Work item - Your answer must be an exact copy of the records below, minus the pictures.

Source data -
● ● ● ● ●
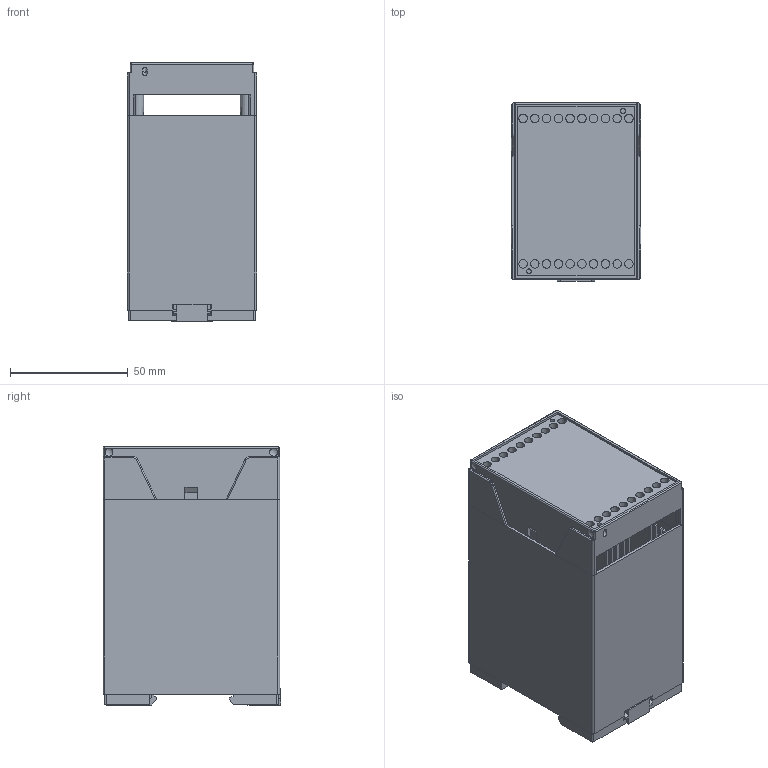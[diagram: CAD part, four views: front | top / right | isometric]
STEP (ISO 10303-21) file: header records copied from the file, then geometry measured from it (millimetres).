
FILE_DESCRIPTION((''),'2;1');
FILE_NAME('65005510_CN 55 AK.stp','2010-05-18T11:12:43',('Kotzmaier'),(''),'Autodesk Inventor 2010','Autodesk Inventor 2010','');
FILE_SCHEMA(('CONFIG_CONTROL_DESIGN'));
Length unit declared in the file: millimetre
Products named in the file (4): CN 55; DECKEL CN(S) 55 AK_1003701_3Dsym; CN 55 Gehäuse_1003693_3Dsym; Riegel_1007508_3Dsym
Assembly tree (3 placements, depth 2):
  CN 55
    DECKEL CN(S) 55 AK_1003701_3Dsym
    CN 55 Gehäuse_1003693_3Dsym
    Riegel_1007508_3Dsym
Bounding box: 55 x 75.55 x 109.7 mm (x, y, z)
Volume: 73733.2 mm3; surface area: 88345.7 mm2
Topology: 3 solids, 3 shells, 986 faces, 2806 edges, 1847 vertices
Faces by surface type: plane 727, cylinder 130, cone 115, sphere 10, torus 4
Full cylindrical faces by diameter (mm): 3.6 x20
Entity records: 31767 total; most frequent: CARTESIAN_POINT 5767, ORIENTED_EDGE 5496, DIRECTION 5170, EDGE_CURVE 2748, VECTOR 2220, LINE 2220, VERTEX_POINT 1845, AXIS2_PLACEMENT_3D 1475
● ● ● ● ●
Finished exercise -
[diagram: CAD part, four views: front | top / right | isometric]
STEP (ISO 10303-21) file: header records copied from the file, then geometry measured from it (millimetres).
FILE_DESCRIPTION((''),'2;1');
FILE_NAME('65005510_CN 55 AK.stp','2010-05-18T11:12:43',('Kotzmaier'),(''),'Autodesk Inventor 2010','Autodesk Inventor 2010','');
FILE_SCHEMA(('CONFIG_CONTROL_DESIGN'));
Length unit declared in the file: millimetre
Products named in the file (4): CN 55; DECKEL CN(S) 55 AK_1003701_3Dsym; CN 55 Gehäuse_1003693_3Dsym; Riegel_1007508_3Dsym
Assembly tree (3 placements, depth 2):
  CN 55
    DECKEL CN(S) 55 AK_1003701_3Dsym
    CN 55 Gehäuse_1003693_3Dsym
    Riegel_1007508_3Dsym
Bounding box: 55 x 75.55 x 109.7 mm (x, y, z)
Volume: 73733.2 mm3; surface area: 88345.7 mm2
Topology: 3 solids, 3 shells, 986 faces, 2806 edges, 1847 vertices
Faces by surface type: plane 727, cylinder 130, cone 115, sphere 10, torus 4
Full cylindrical faces by diameter (mm): 3.6 x20
Entity records: 31767 total; most frequent: CARTESIAN_POINT 5767, ORIENTED_EDGE 5496, DIRECTION 5170, EDGE_CURVE 2748, VECTOR 2220, LINE 2220, VERTEX_POINT 1845, AXIS2_PLACEMENT_3D 1475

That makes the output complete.